Article by Deepa Badrinarayana
Is international law, law? If it is law, then is it superior, equivalent, or inferior to domestic law? Should international law govern domestic legal decisions? If so, to what extent? These questions reveal unresolved disagreement over the proper place and role of international law, especially in the context of contained positivist, domestic legal systems. Generally, a nation’s constitution is perceived to be hierarchically superior, even in enforcing internationally recognized human rights. However, not all nations enjoy that luxury. In some nations, where climate change threatens to overwhelm the constitutional rights of their citizens, international action is indispensable to preserving and protecting constitutional rights. This Article argues that a normative shift in analyzing the impact on domestic constitutional rights of extremely vulnerable countries is quintessential to appreciate and address the scale of rights violation that climate change threatens citizens of some nations if unmitigated through effective international cooperation.

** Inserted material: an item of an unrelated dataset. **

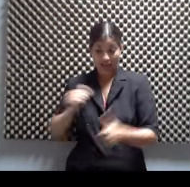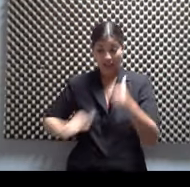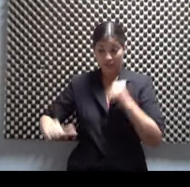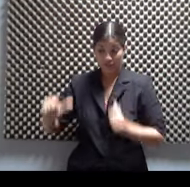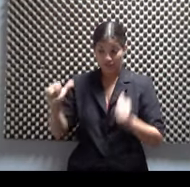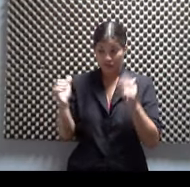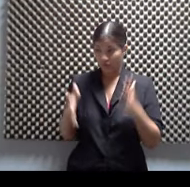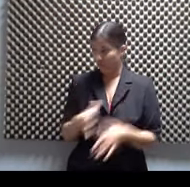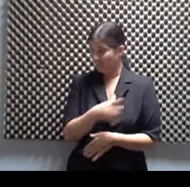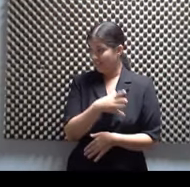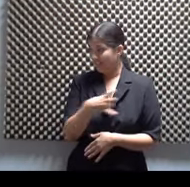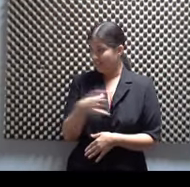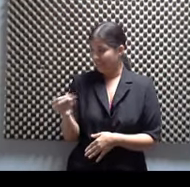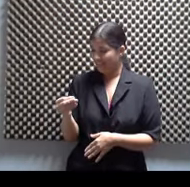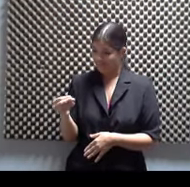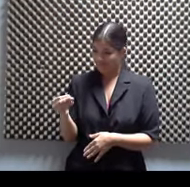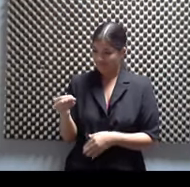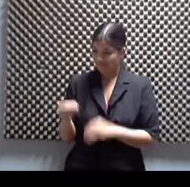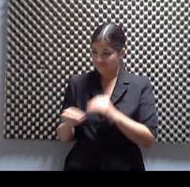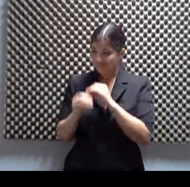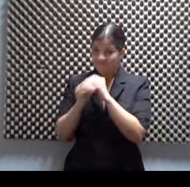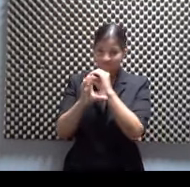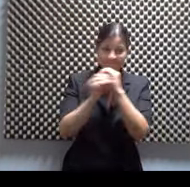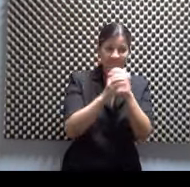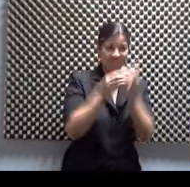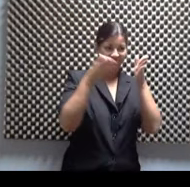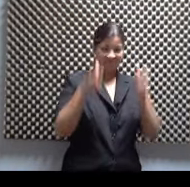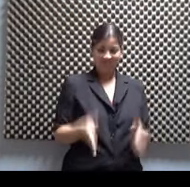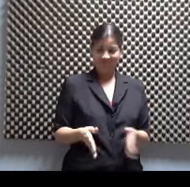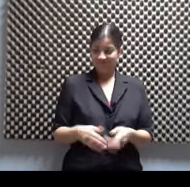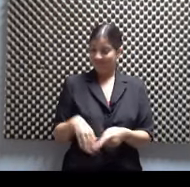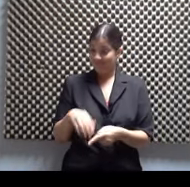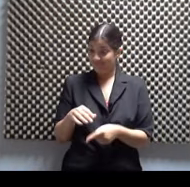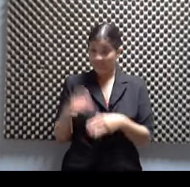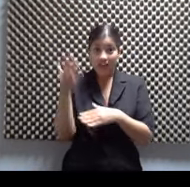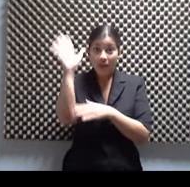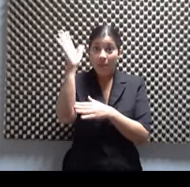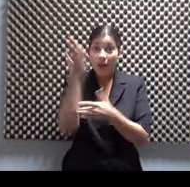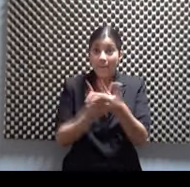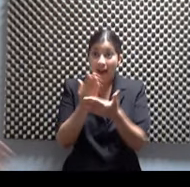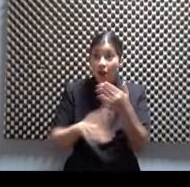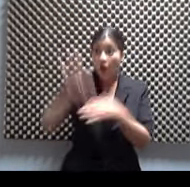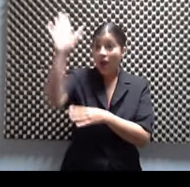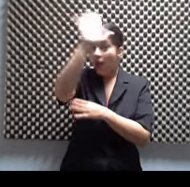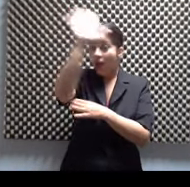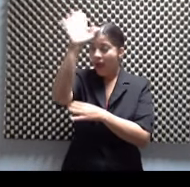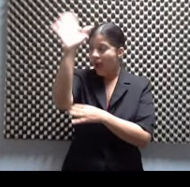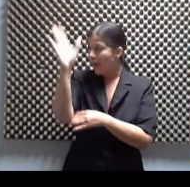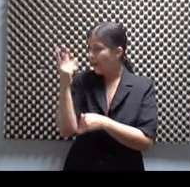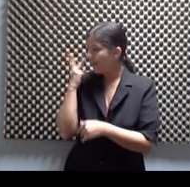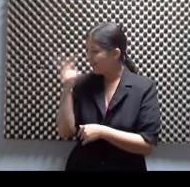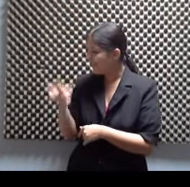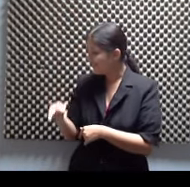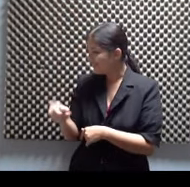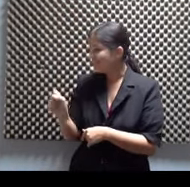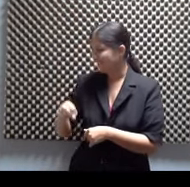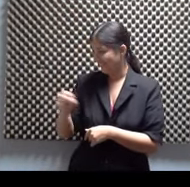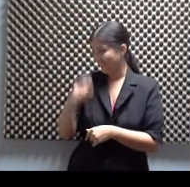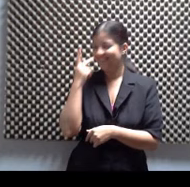la mano. Seguimos con el artefusion, ¿viste? Aquí el que no se fusiona, el que se fusiona. Se ve tu mano, tu dedo por ahí. ahí Claro que sí. Sí, ahí está. Ahí sale.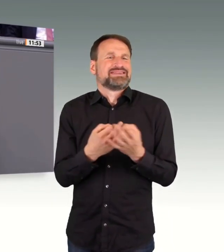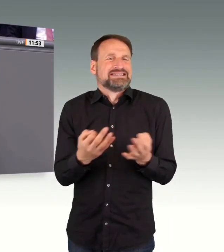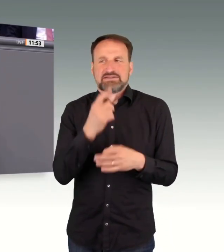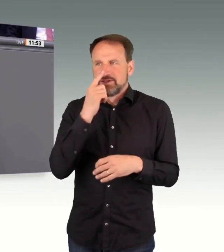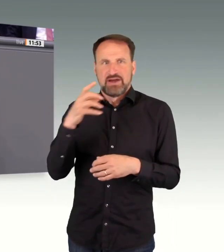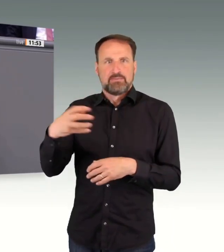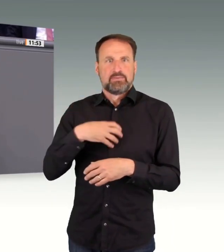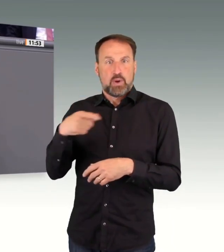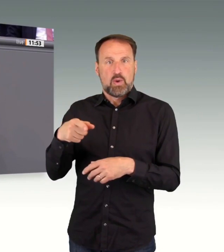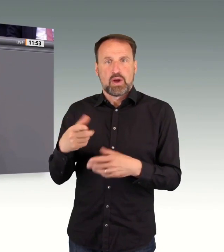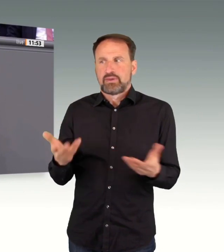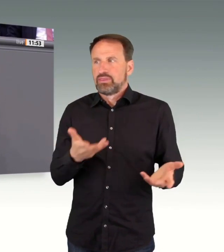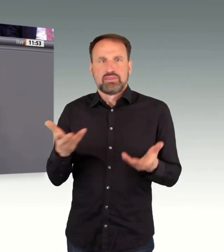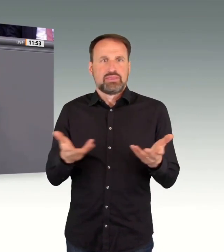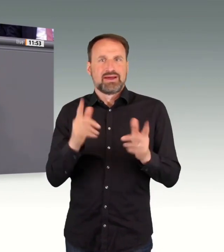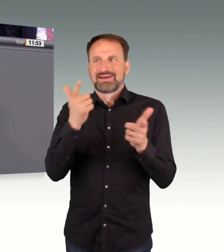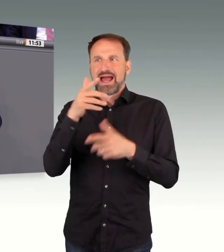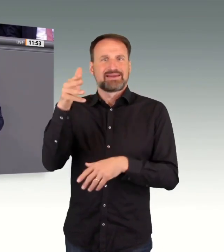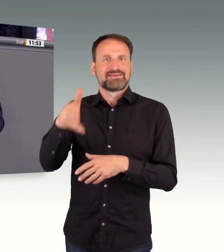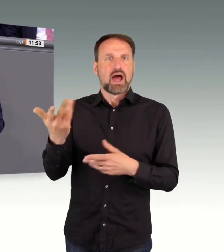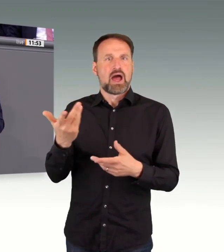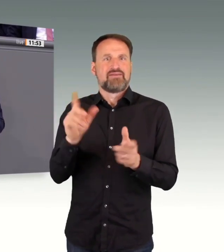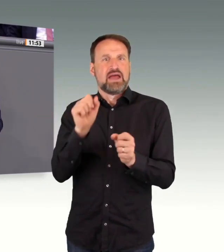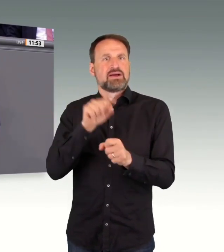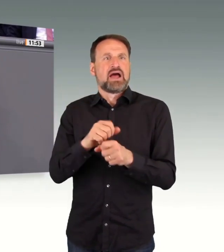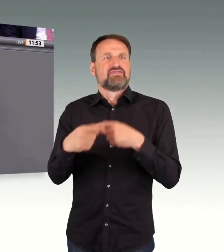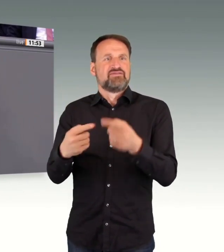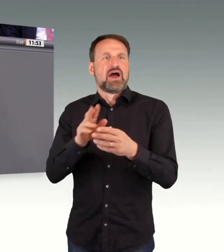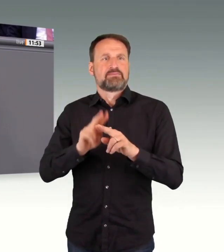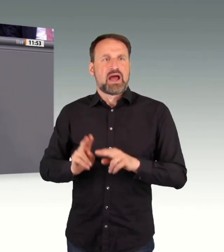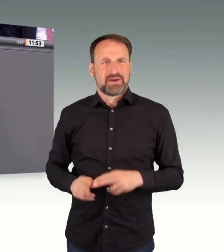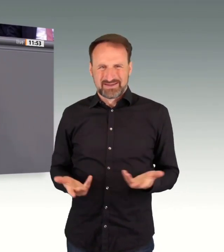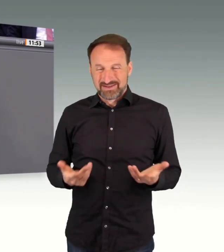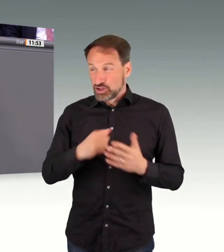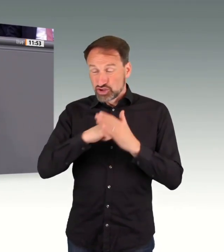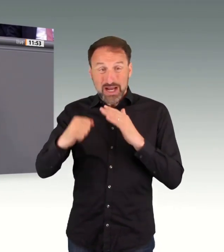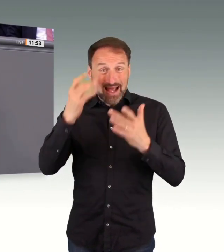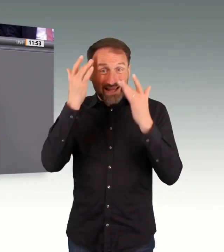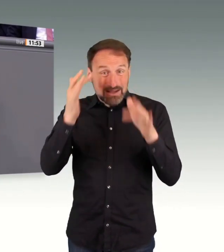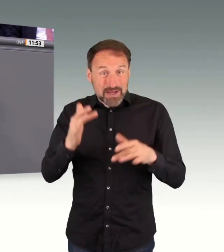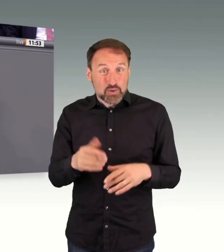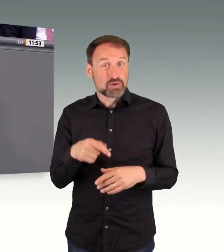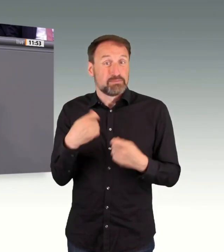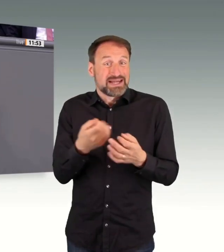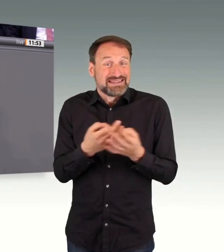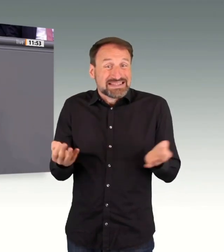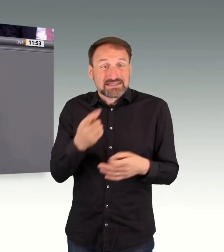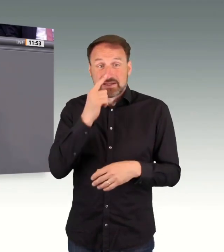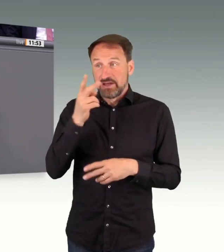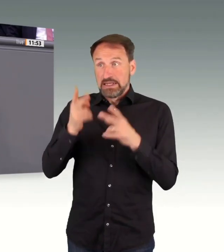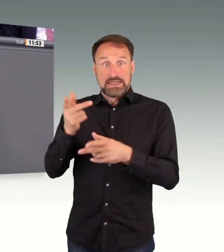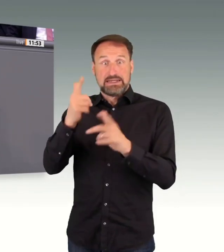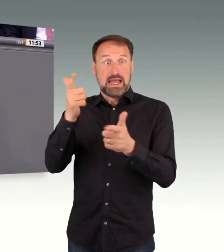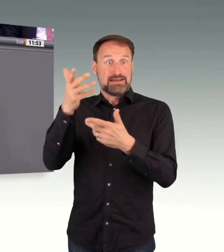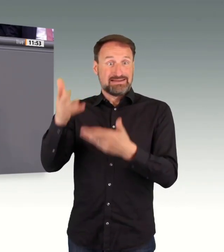stehen schon in den Startlöchern. Wir freuen uns, liebe Kolleginnen und Kollegen von der Unionsfraktion, wenn Sie uns dabei unterstützen. Und wenn Sie dann auch noch

Analyzing the extent to which the constitutional right to environmental protection enshrined in a number of constitutions of foreign countries and US states are threatened by a lack of an international response to climate change, the Article focuses on the domestic and international legal remedies (or lack thereof) available to the individuals, minority groups, and entire populations most threatened by climate-related catastrophe. In particular, the Article thoroughly examines seven constitutional climate-related cases and speculates as to their potential impact in this field. In conclusion, the Article proposes incorporating constitutional rights language in an international document such as the Paris Agreement to illustrate that climate change causes a domestic rule of law problem that requires swift international legal intervention.